Fittingly, her album pivots around a dancefloor epiphany. After mourning Falk on Missing U and reconciling with Vitali on Baby Forgive Me, she finds resolve in the hypnotic beats of Send To Robin Immediately, declaring: "If you got somebody to love, give that love today / Know you got nothing to lose, there's no time to waste."

From there, the mood lightens as Robyn gets giddy on the 90s throwback Between The Lines and kicks back on the ultra-chilled Beach2k20.

And the album ends with something totally unexpected: A Robyn song with happy chords, happy lyrics and a happy melody.

"Never gonna be broken hearted / Ever again," she sings on Ever Again. "I'm only gonna sing about love / Ever again."

So is that her current state of mind?

"I think I'm in a good place," she says hesitantly. "I don't know what happy means, but maybe happy?

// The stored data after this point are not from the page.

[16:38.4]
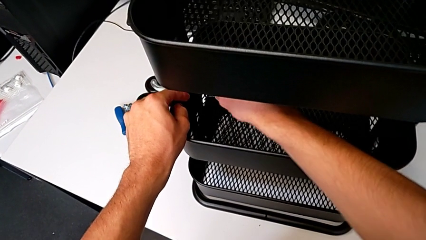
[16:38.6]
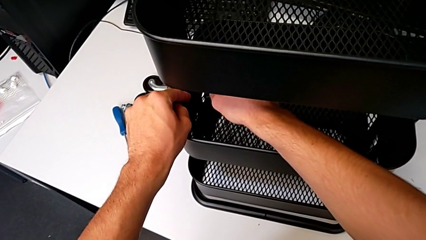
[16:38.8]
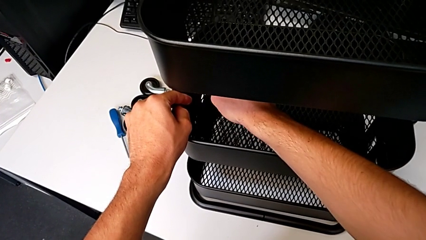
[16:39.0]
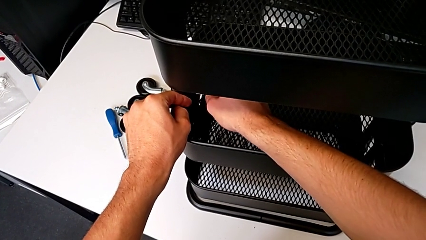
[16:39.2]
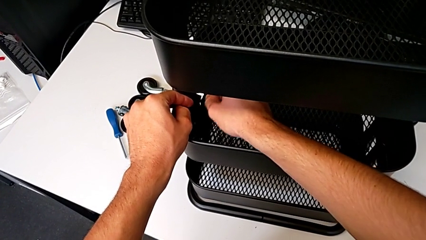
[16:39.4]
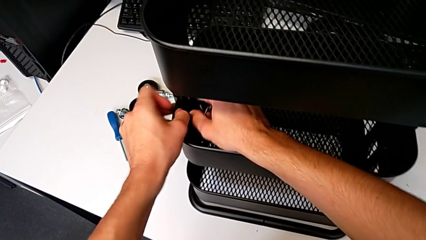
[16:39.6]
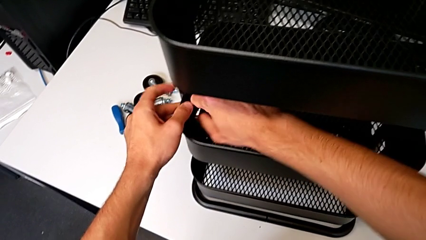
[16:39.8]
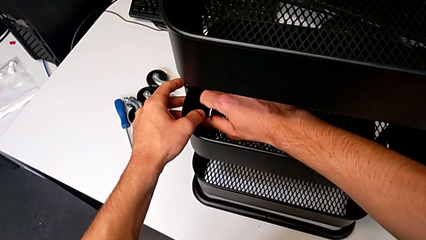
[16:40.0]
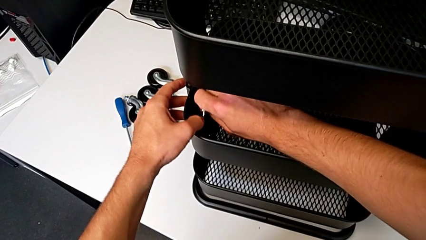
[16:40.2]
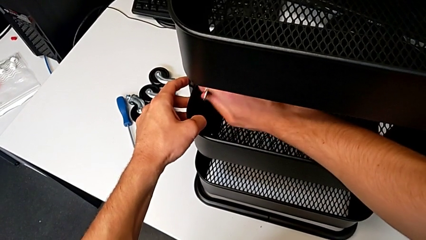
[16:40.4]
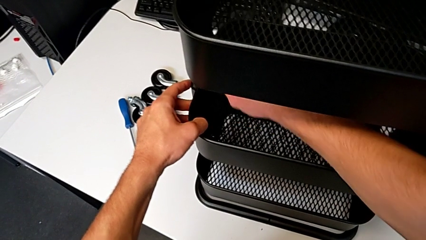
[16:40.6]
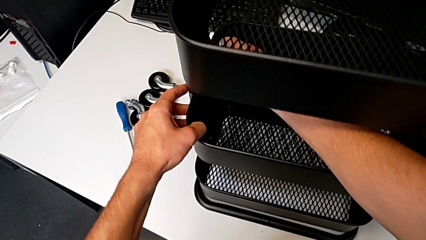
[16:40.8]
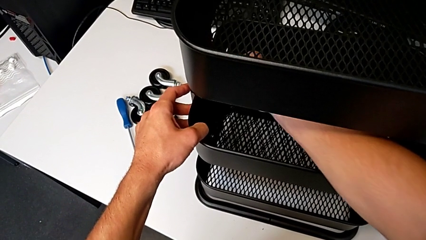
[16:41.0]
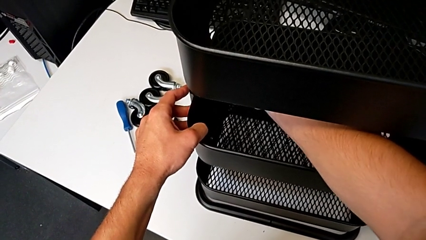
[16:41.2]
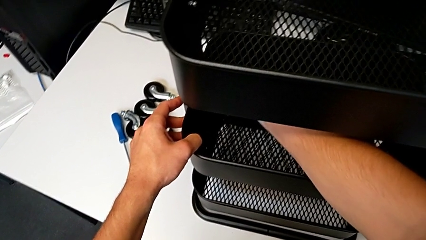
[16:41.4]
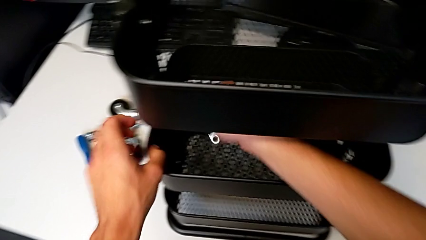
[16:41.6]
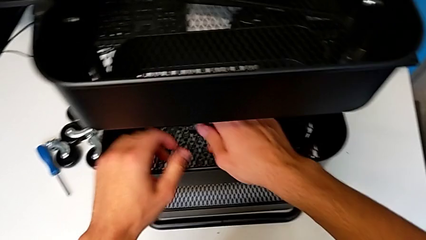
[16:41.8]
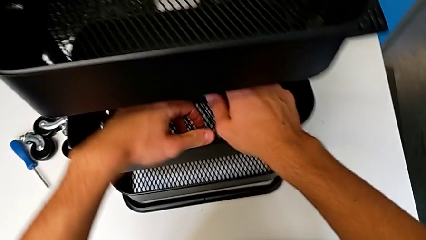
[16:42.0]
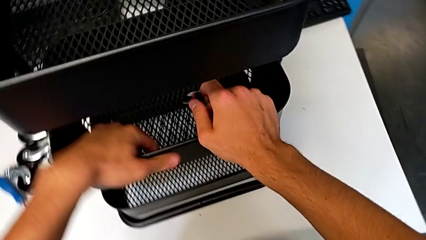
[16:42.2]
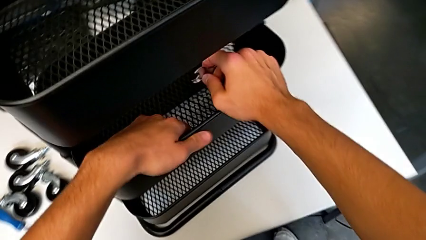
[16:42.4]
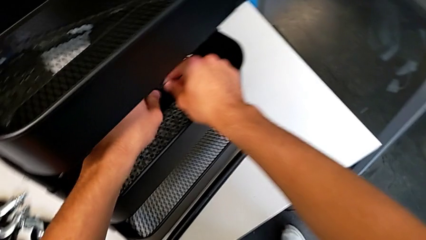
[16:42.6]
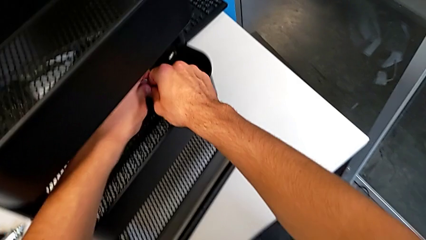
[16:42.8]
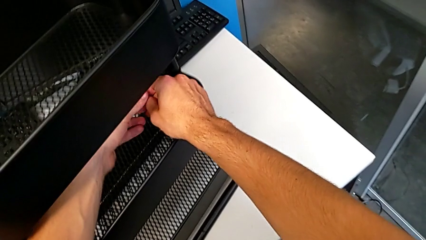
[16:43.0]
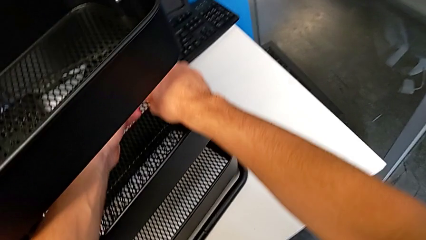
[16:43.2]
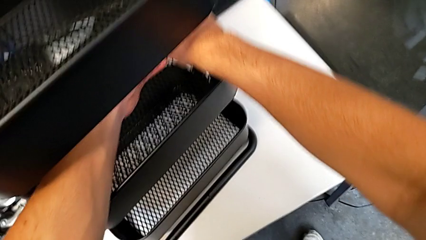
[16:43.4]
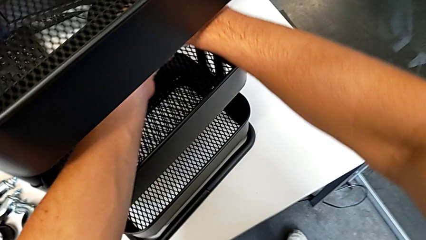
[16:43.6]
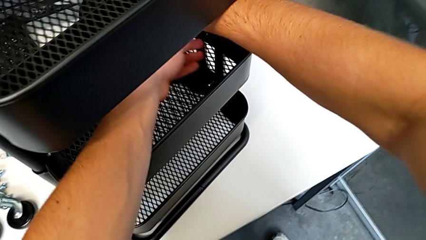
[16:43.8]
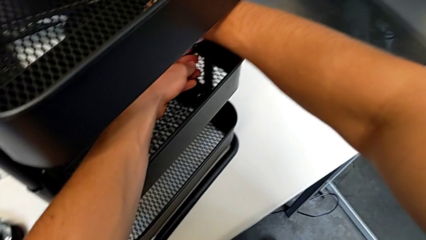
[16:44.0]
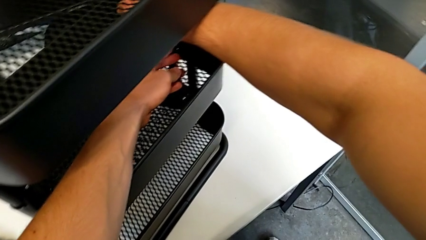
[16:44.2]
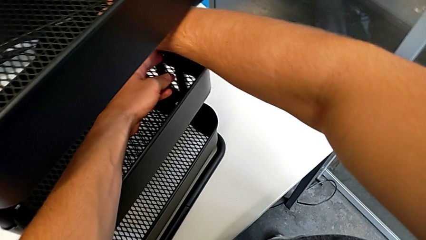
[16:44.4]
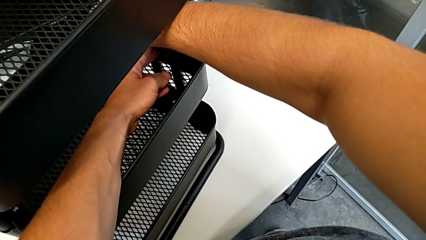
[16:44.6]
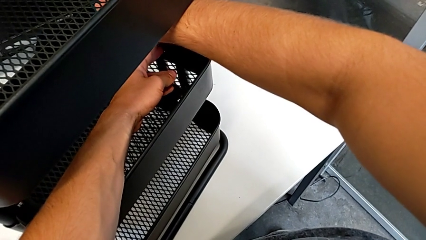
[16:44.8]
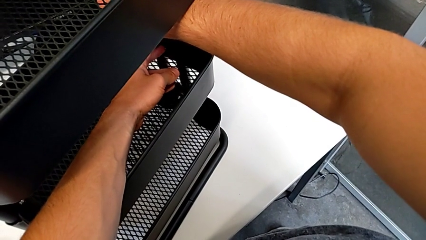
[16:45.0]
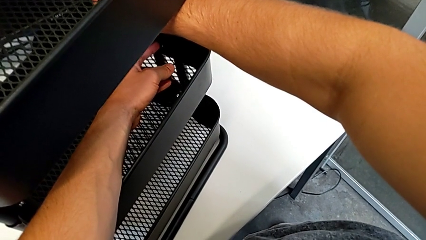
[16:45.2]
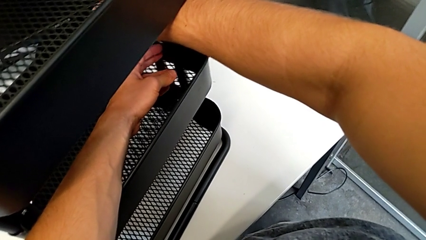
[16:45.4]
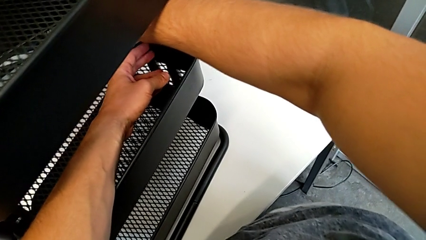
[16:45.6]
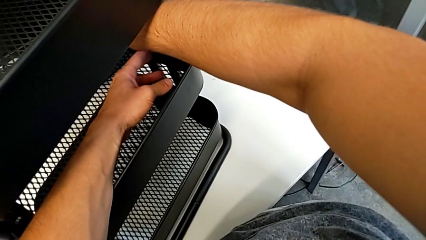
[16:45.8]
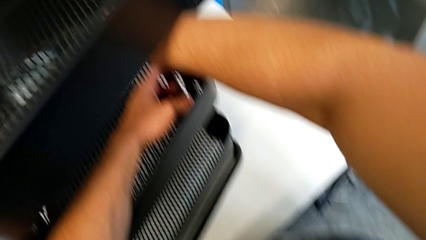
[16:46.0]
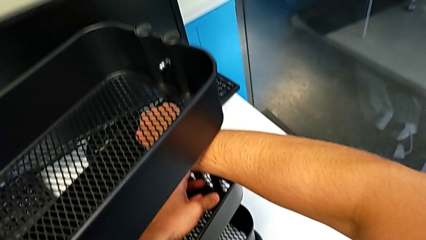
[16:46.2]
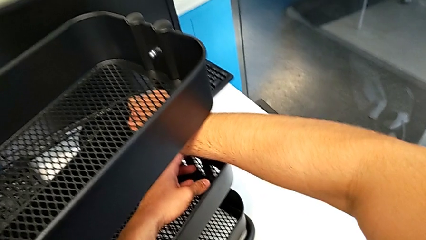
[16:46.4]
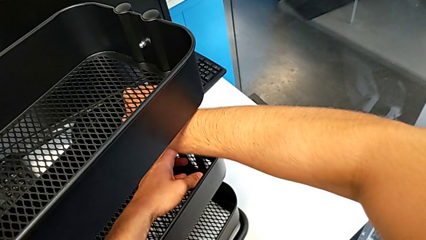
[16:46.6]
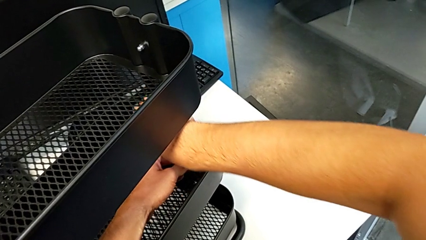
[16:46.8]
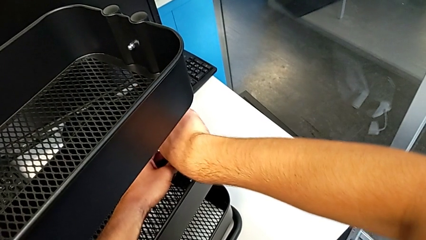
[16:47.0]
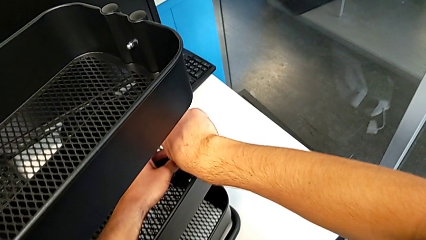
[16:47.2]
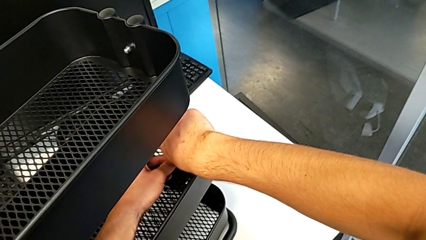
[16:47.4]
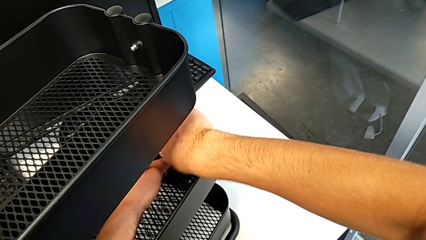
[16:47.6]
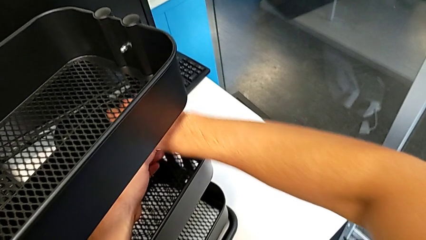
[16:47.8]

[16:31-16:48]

"More positive. I feel good about things and, musically, I'm able to go in all kinds of directions now because I feel like I've gotten rid of a lot of filters."

In fact, she's even come to terms with being a role model.

"I definitely embrace it now. It's very touching when people say they've been inspired by stuff I've done.

"And I understand the point of it: It's really important to have female role models - or any kind of role model you can recognise yourself in."